Question

Which equation does the graph of the systems of equations solve?

ANSWER CHOICES:
x2 − 2x + 8 = x2 − 8x − 16
x2 + 6x + 8 = −x2 − 8x − 16
−x2 − 2x + 8 = 2x2 − 8x − 16
−x2 − 2x + 8 = 2x2 − 8x + 16

Answer 1

@princeharryyy
would you mind helping me, please?

Answer 2

just hold on a little bit. I will.

Answer 3

well, you could look for the axis of symmetry and that will give you the b and the a values for your equations.

Answer 4

well it is B again.

Answer 5

just insert the points in option 2 both of them satisfies.

Answer 6

So, it is B

Answer 7

You have two parabolas. A parabola with 2 real, distinct roots crosses the x-axis twice, once at each root.
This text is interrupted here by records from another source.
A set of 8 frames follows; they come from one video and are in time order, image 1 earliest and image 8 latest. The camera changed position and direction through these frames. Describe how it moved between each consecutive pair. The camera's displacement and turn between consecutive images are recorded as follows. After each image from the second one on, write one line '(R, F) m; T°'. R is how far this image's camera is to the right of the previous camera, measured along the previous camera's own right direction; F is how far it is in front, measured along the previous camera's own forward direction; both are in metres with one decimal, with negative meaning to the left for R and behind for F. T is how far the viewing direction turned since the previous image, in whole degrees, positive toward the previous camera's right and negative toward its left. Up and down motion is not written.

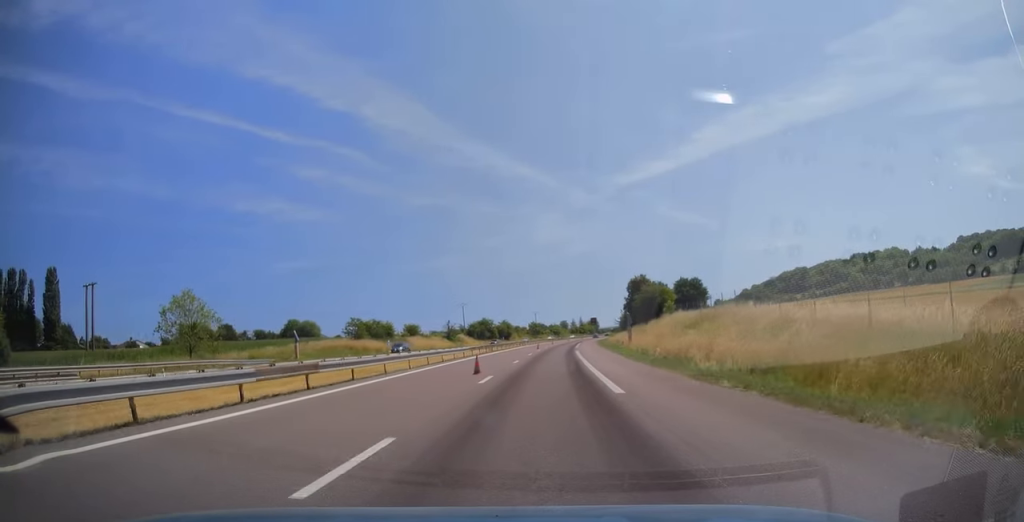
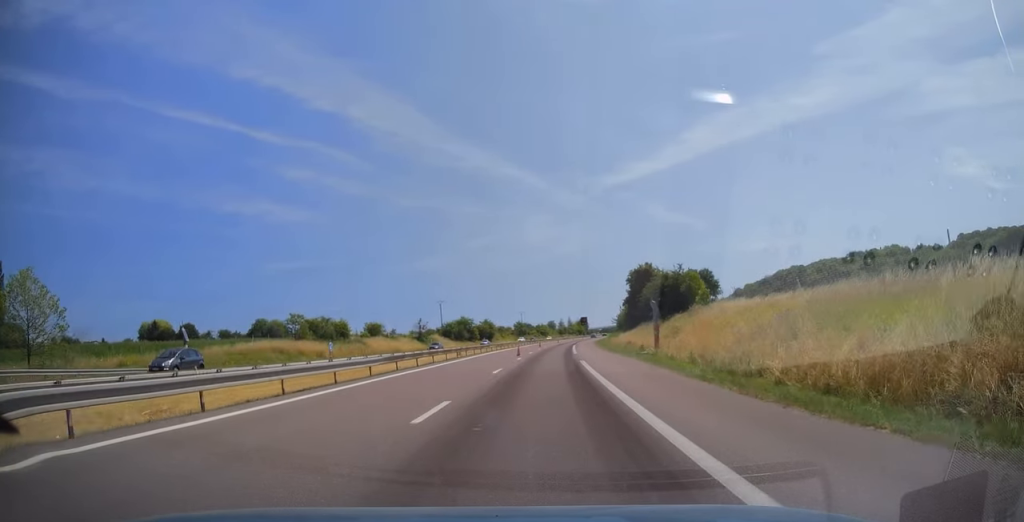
(+0.1, +21.6) m; +1°
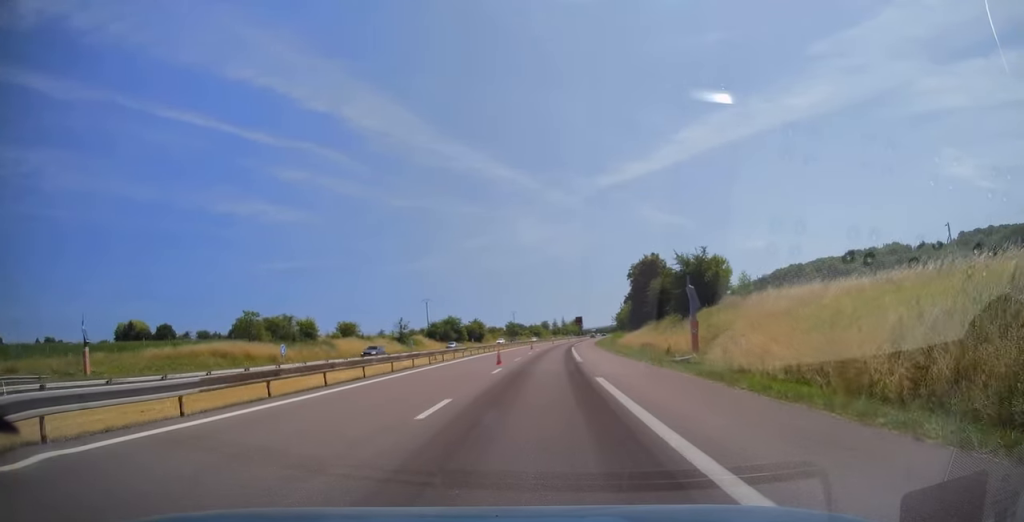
(+0.1, +12.5) m; 0°
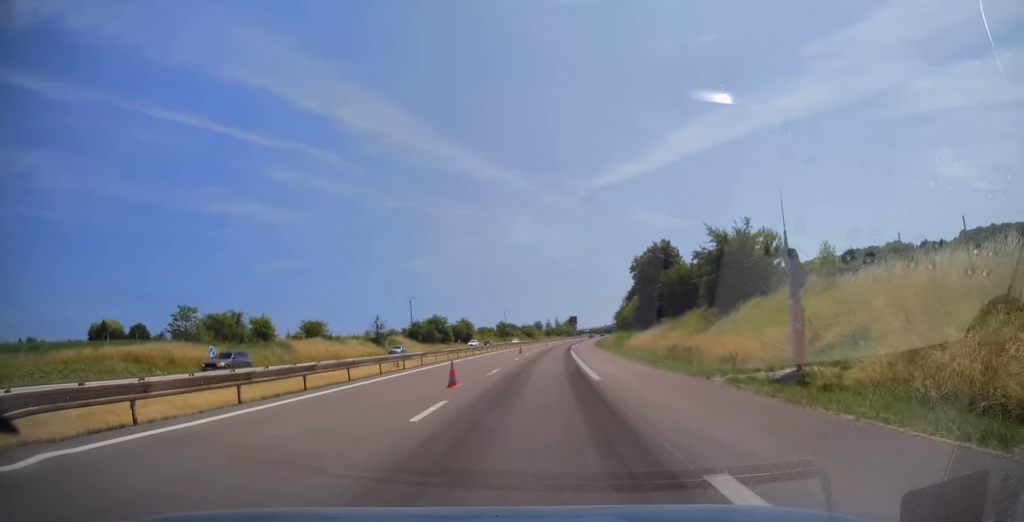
(+0.1, +13.4) m; +1°
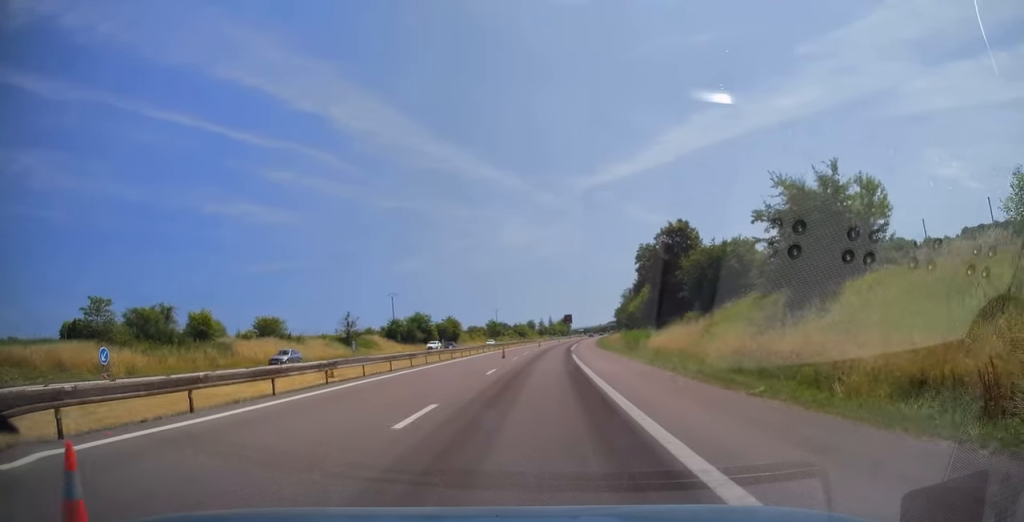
(-0.1, +13.8) m; +1°
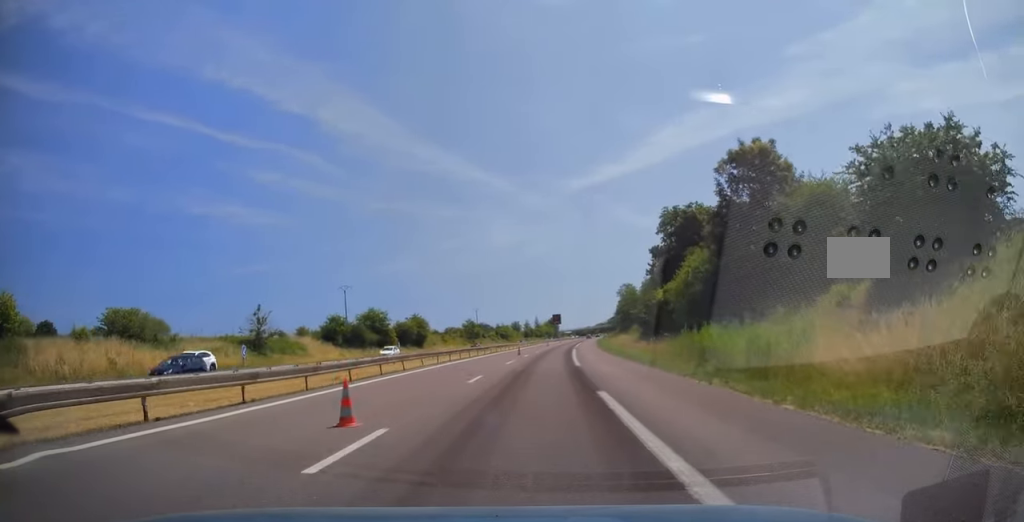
(+0.4, +29.0) m; +1°
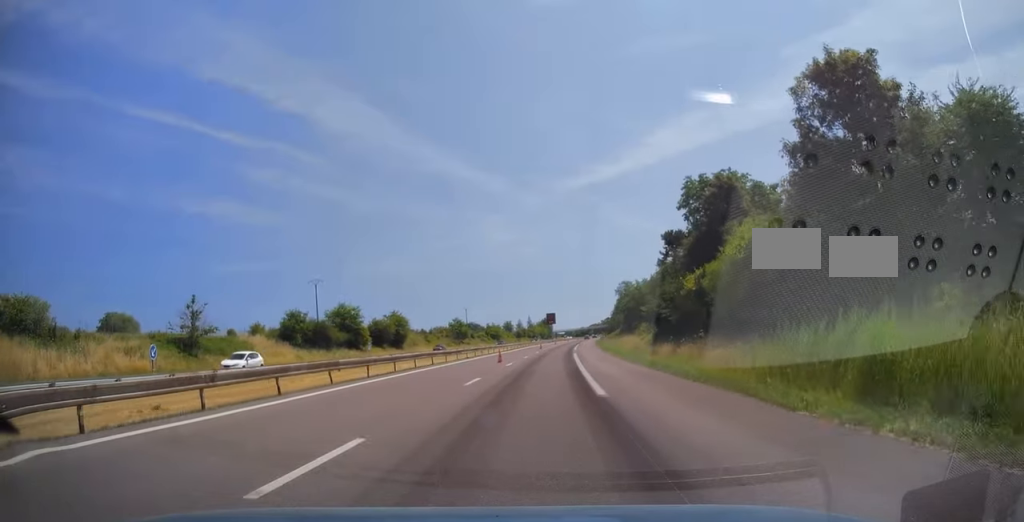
(0.0, +13.8) m; +1°
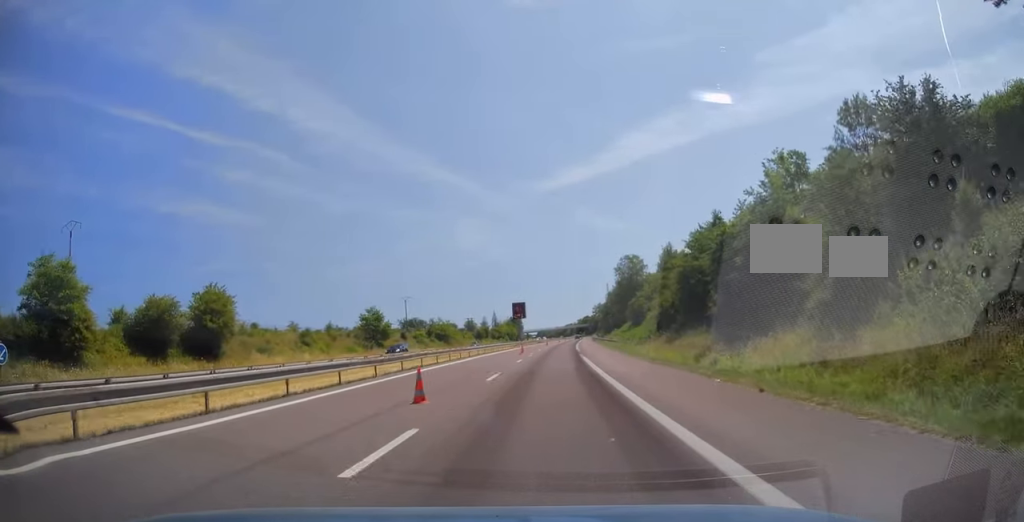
(+2.1, +64.1) m; +4°

You have a parabola that crosses at \(x=-2\) and \(x=-4\) so those two values of \(x\) will both make the value of the equation be equal to \(0\). And you can also write the polynomial that has those roots in the form \[P(x) = a(x-r_1)(x-r_2)\]where \(a\) is a constant (often \(1\)) and \(r_1, r_2\) are the roots.
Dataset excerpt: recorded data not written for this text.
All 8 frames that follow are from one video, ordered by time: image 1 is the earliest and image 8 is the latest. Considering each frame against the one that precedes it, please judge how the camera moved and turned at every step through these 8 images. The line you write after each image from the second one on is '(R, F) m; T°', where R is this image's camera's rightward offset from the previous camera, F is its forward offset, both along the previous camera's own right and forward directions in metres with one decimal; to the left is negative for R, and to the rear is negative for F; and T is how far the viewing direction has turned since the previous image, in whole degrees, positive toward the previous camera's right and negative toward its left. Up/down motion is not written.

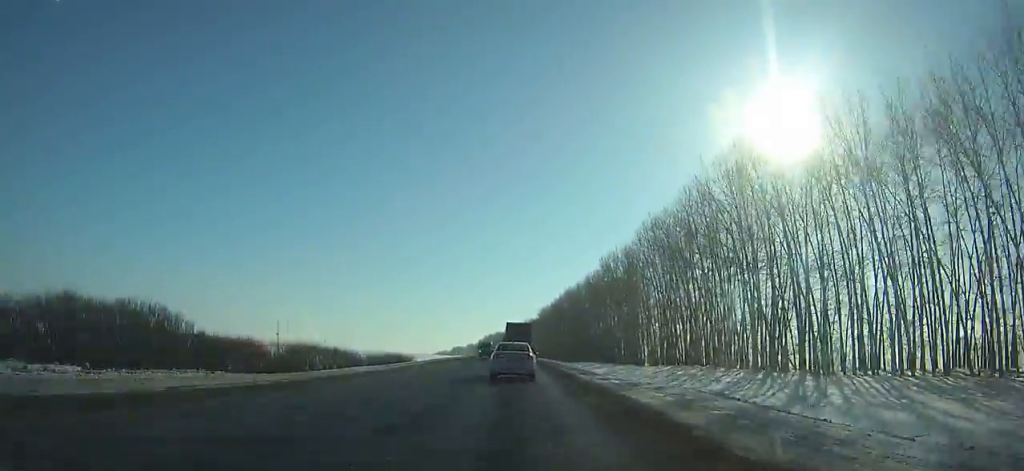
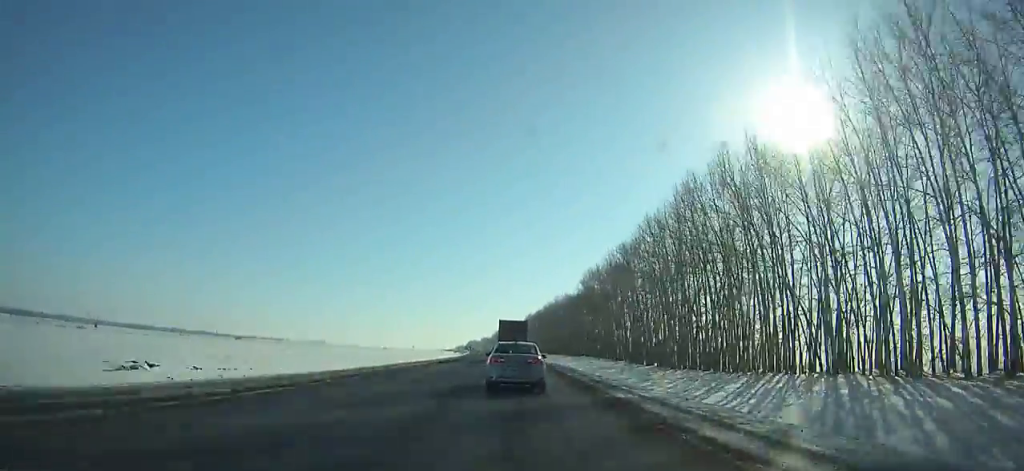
(-1.9, +124.6) m; -2°
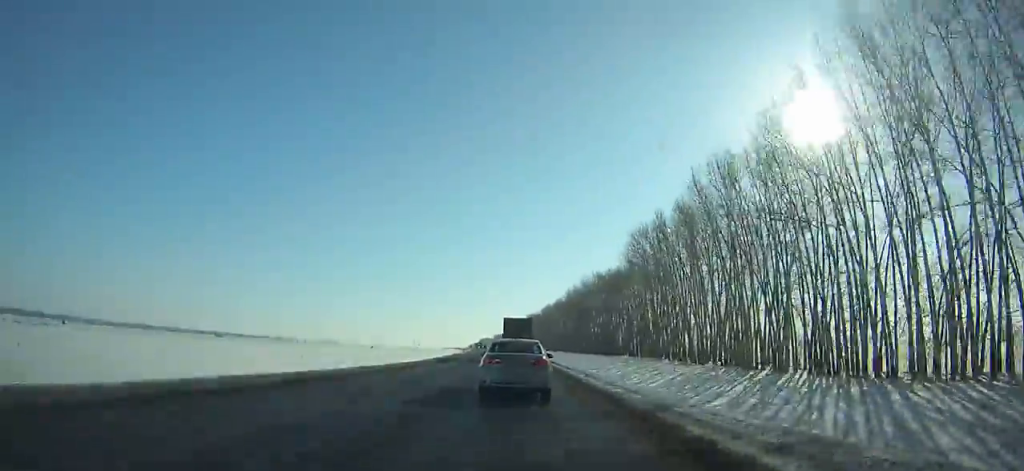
(-0.7, +57.2) m; -1°
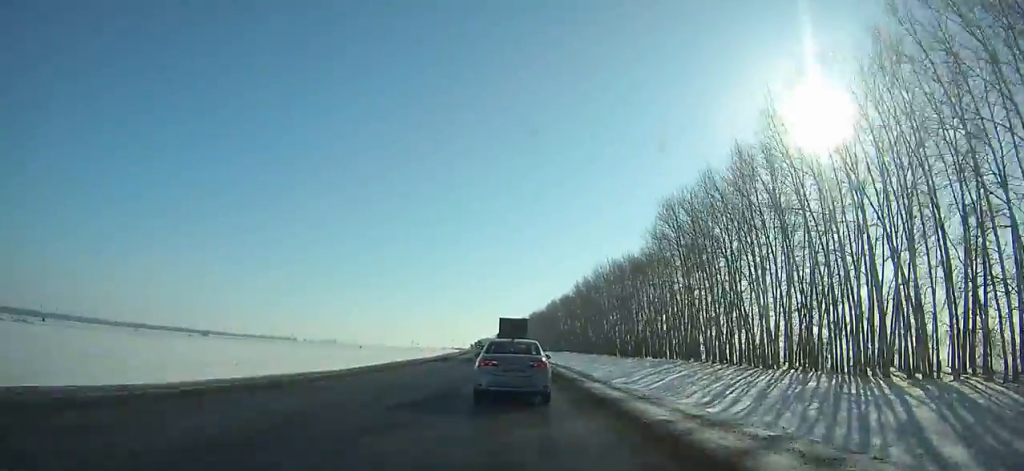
(-0.1, +24.9) m; -1°
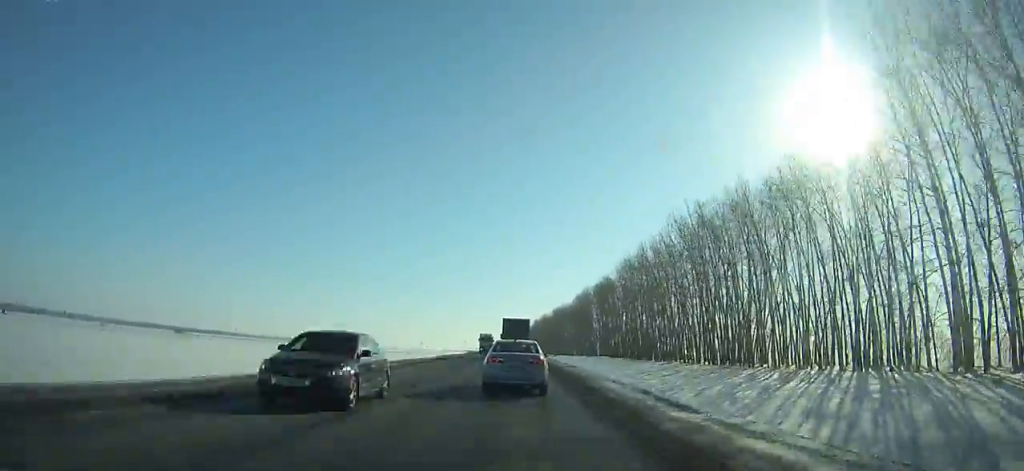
(-0.8, +59.0) m; -1°
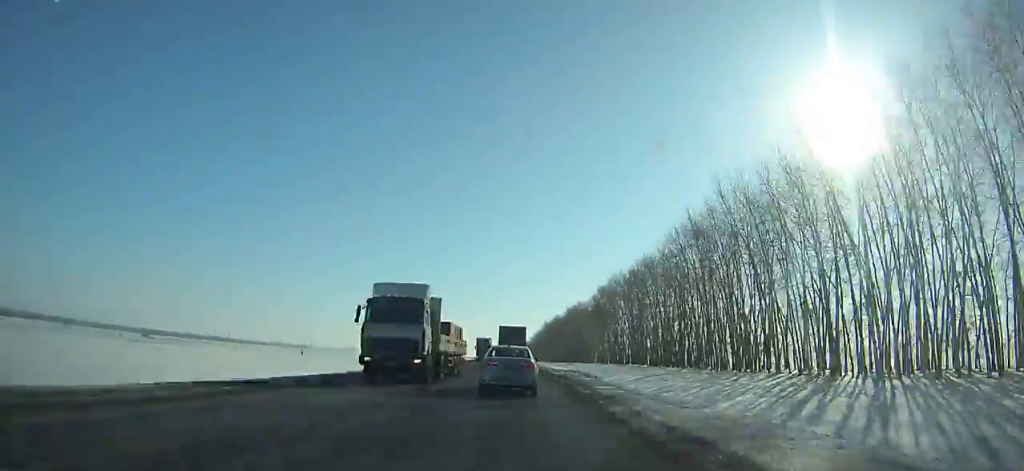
(-0.3, +41.7) m; -1°
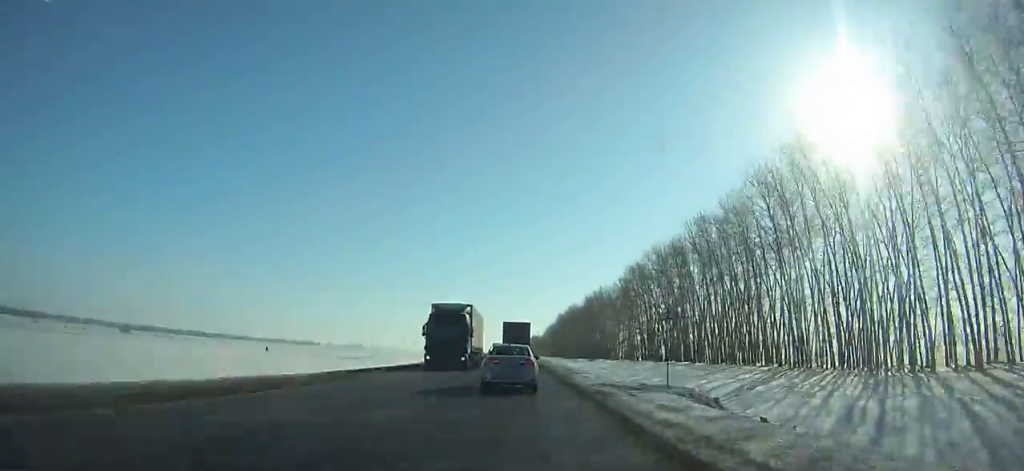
(-0.2, +31.1) m; -1°
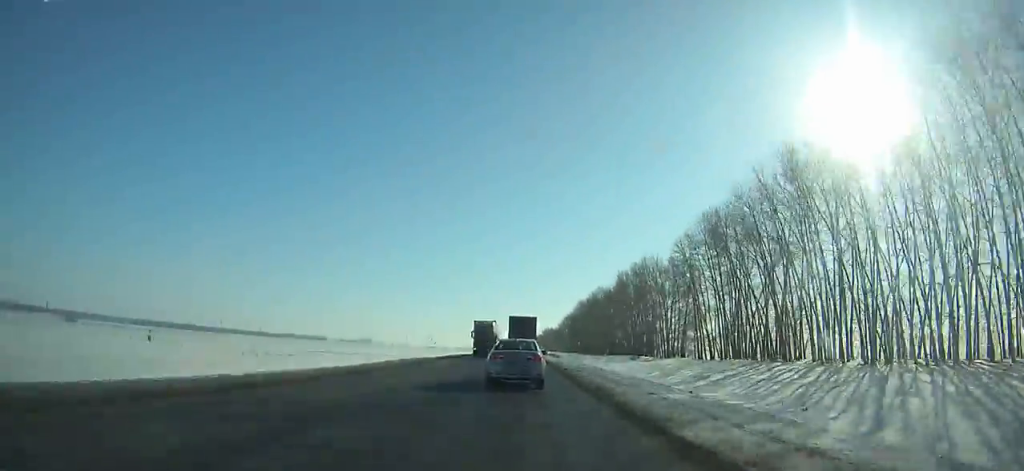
(-0.5, +49.6) m; -1°

If we have roots of \(-2, -4\) as determined from looking at the graph, that means the parabola has the form\[P(x) = a(x-(-2))(x-(-4)) = a(x+2)(x+4)\]If we expand that factors, that becomes \[P(x) = a(x*2 + x*2 + x*4 + 2*4) = a(x^2 +6x +8)\]
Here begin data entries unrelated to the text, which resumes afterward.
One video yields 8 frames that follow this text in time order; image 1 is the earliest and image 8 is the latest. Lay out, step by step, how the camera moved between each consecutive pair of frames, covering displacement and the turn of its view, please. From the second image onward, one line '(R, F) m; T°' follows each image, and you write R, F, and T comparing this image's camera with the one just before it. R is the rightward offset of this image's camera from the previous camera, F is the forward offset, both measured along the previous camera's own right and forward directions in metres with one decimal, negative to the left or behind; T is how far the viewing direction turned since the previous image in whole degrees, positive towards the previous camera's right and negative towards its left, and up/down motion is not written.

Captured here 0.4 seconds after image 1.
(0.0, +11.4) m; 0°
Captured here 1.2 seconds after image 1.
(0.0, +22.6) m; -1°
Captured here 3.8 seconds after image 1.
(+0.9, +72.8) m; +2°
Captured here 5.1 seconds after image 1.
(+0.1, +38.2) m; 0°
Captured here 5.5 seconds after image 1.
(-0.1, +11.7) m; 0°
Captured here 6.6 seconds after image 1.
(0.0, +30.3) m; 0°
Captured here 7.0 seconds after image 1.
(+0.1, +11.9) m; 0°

Any of the answer choices that does not have \(x^2+6x+8\) or a multiple of it on one side or the other must not be a valid answer choice. That immediately rules out all but choice B.

Answer 8

A parabola which touches the x-axis only in one place has a double root at that point, and can be written \[P(x) = a(x-r_1)^2\]Our intersecting parabola has its contact with the x axis at \(x=-4\), so it is of the form \[P(x) = a(x-(-4))^2 = a(x+4)^2 = a(x*x+4*x+4*x+4*4)\]\[P(x) = a(x^2+8x+16)\]and if we look at option B, we see that the right hand side is \[-x^2-8x-16\]which can be written as \[(-1)x^2 + (-1)(8x) + (-1)(16)=(-1)(x^2+8x+16)\]which means it is in the necessary form for a parabola which only touches the x axis at \(x=-4\).